Мне больше не нужно учить грузинского языка. Читаю в Берлине немецкие новостные ленты, русские книги. Да и мой тбилисский район со своим микроклиматом из далёких, бесформенных девяностых уже совсем другой. Панельки те же, школа всё та же, просто снаружи перекрашена в очередной неброский цвет. Но всё другое.

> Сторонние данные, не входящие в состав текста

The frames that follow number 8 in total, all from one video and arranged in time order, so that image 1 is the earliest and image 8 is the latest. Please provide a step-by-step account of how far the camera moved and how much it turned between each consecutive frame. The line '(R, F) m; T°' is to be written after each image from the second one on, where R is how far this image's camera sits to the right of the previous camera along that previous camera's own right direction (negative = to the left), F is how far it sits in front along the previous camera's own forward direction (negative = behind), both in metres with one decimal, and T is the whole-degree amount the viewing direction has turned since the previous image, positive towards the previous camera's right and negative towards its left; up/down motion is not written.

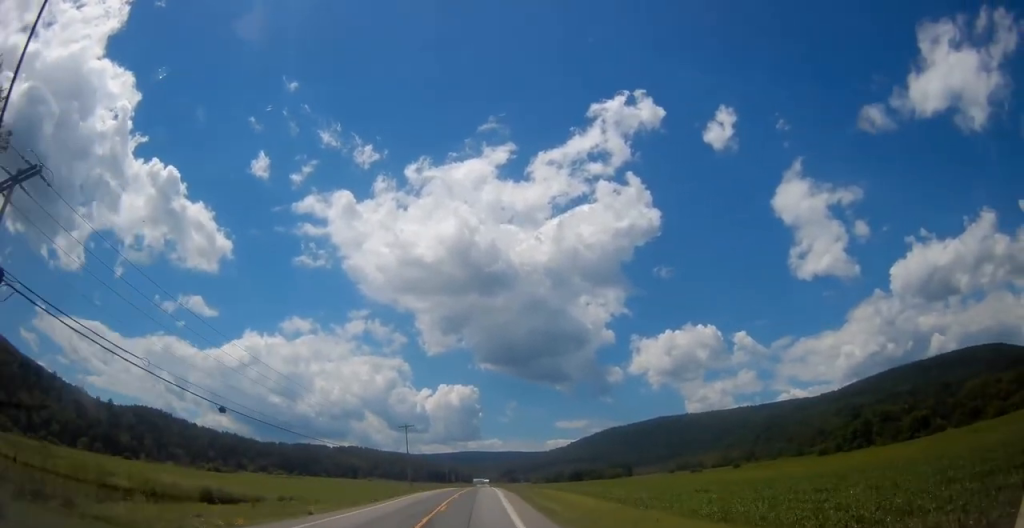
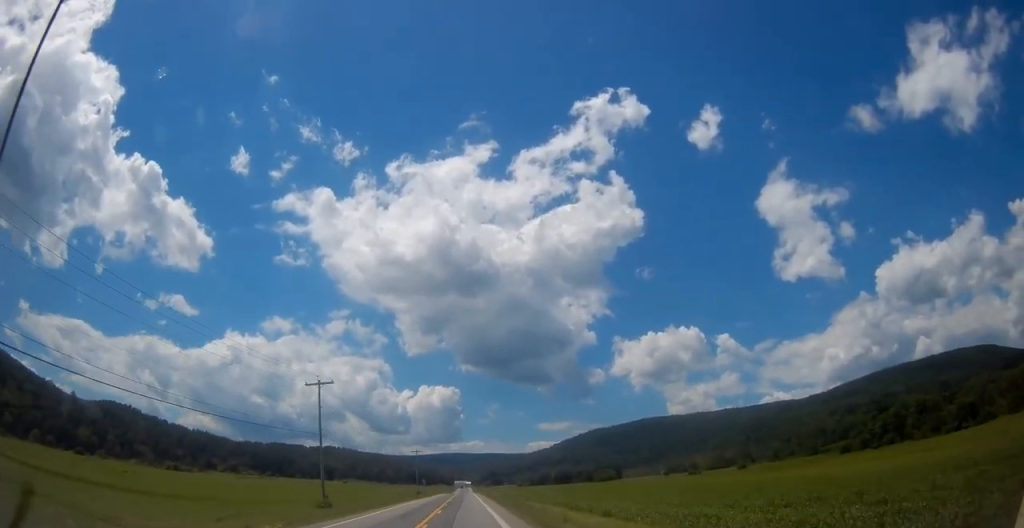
(+2.5, +43.2) m; +4°
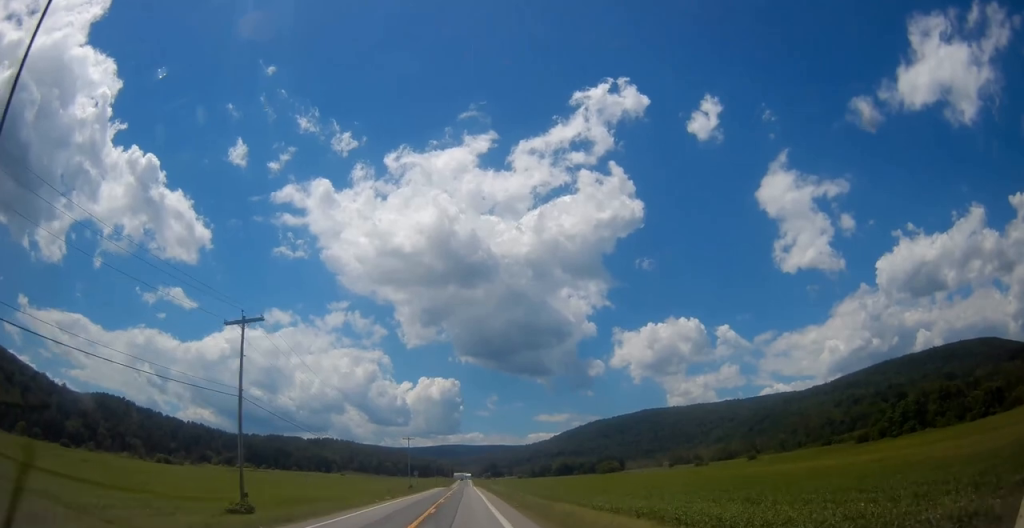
(+0.2, +16.7) m; 0°
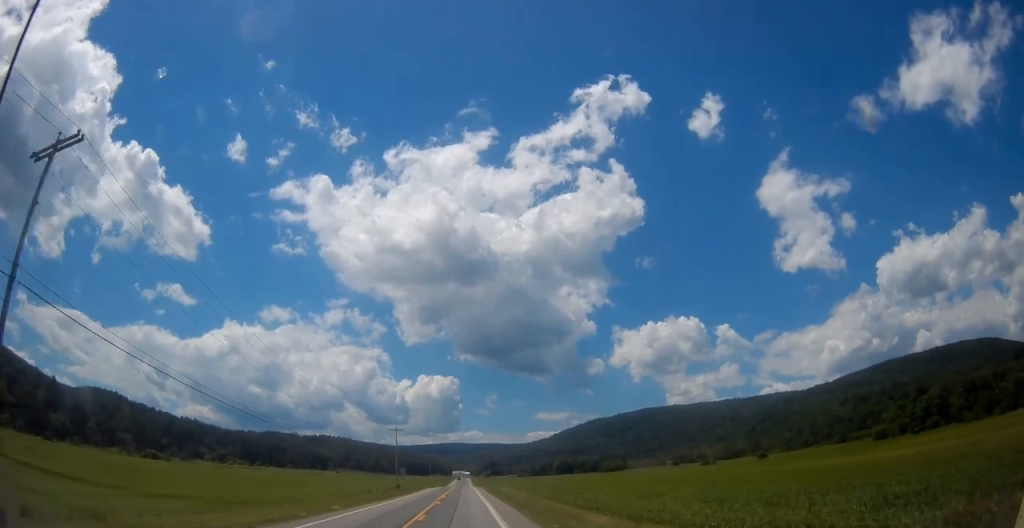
(-0.3, +17.7) m; -1°
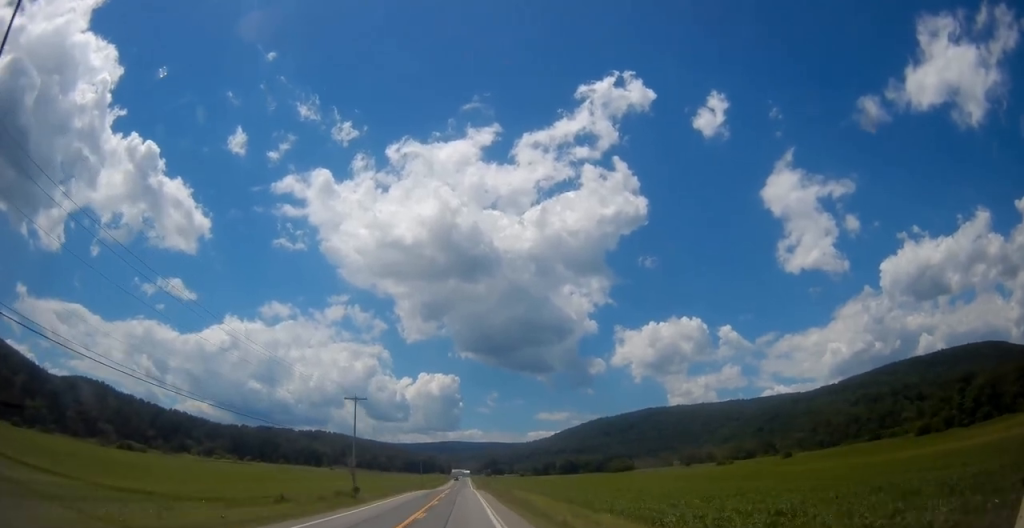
(-0.4, +35.1) m; 0°
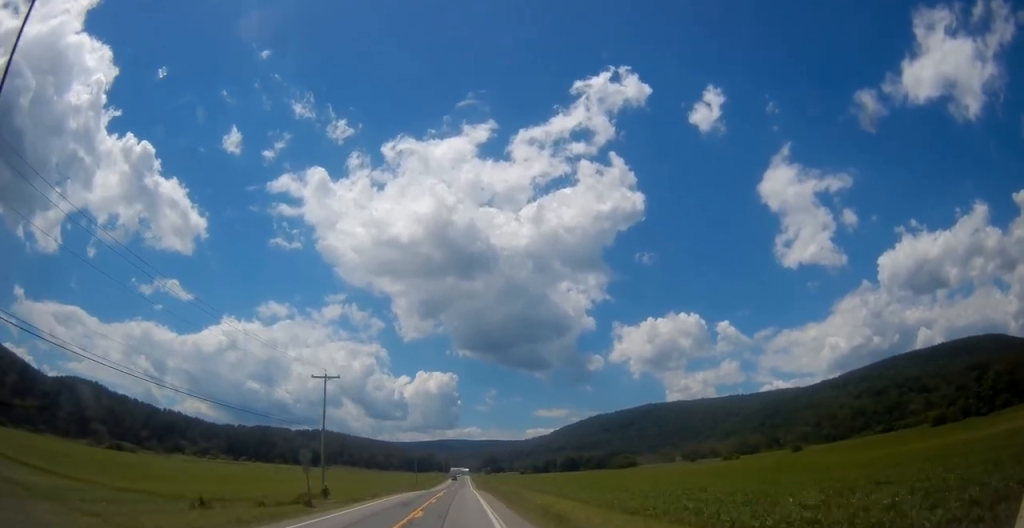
(+0.3, +12.4) m; 0°
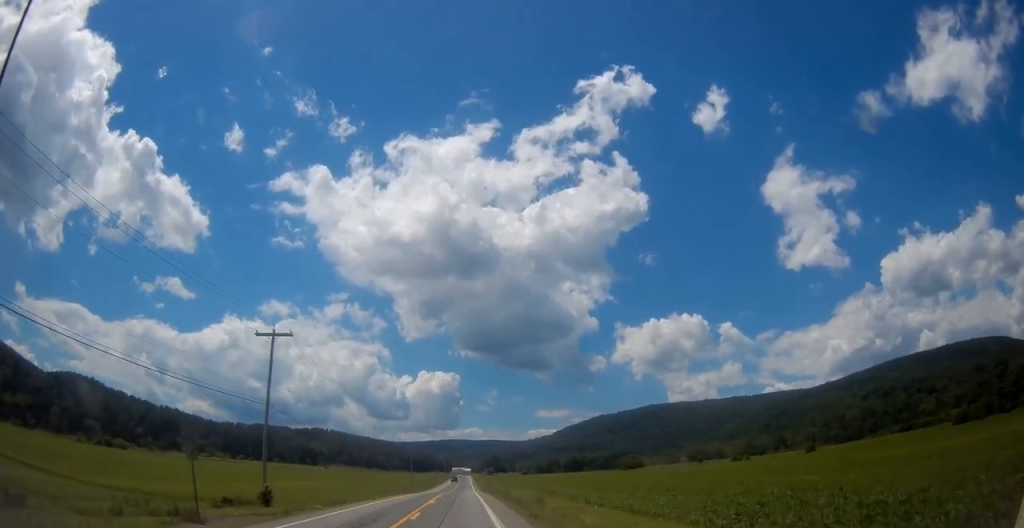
(0.0, +14.1) m; 0°
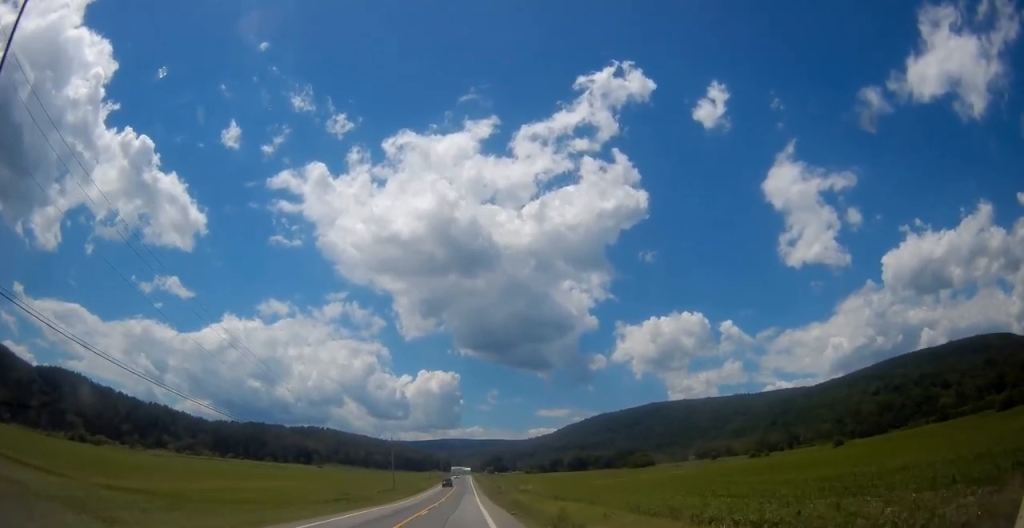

Папа иногда вспоминает про свою учёбу в Ленинграде, и как его назначили главным художником города Сланцы, а он всё же вернулся в родной Тбилиси с мамой, которую там встретил, и со мной трёхлетней, там в период их учёбы родившейся. Мама же теперь откладывает изучение грузинского, но больше не ждёт перемен. Просто все верили, что всё навсегда. Сестра лишь прижилась. И то, скорее, впротезировалась в новое грузинское общество. Младше меня на пять лет, она проскочила в новые люди новой страны, миновав точку излома.
And now I just answer: the stars. Clear, visible across the sky. I miss stars in new Tbilisi, where one can see now more electric light, smoke and exhausts. Maybe that's why people here seemed naive before, always waiting for a miracle that will definitely replace cold pipes and kerosene. The country fell like a sheaf just in one moment. The factories froze, the light in the windows of panel houses did not light up for days, but you raise your head on the way home and see: there are stars in the sky. And there is no light pollution in the layers of the atmosphere, and nothing prevents the stars from shining directly at you. And now Tbilisi is the same as Berlin: a city without stars.
А я с тех пор только и отвечаю: звёзд. Ясных, видимых по всему небосводу. Мне не хватает именно звёзд — в новом Тбилиси, где теперь больше электрического света, дыма и выхлопов. Может, именно поэтому люди здесь казались наивнее раньше, всегда в ожидании чуда, которое обязательно придёт на смену холодным трубам и керосину. Просто в один миг страна упала, как сноп. Замерли заводы, свет в окнах панелек не загорался днями, но ты вот поднимешь голову по пути домой: а на небе звёзды. И нет светового загрязнения в слоях атмосферы, и ничего не мешает звёздам светить прямо на тебя. А теперь Тбилиси такой же, как Берлин: город без звёзд.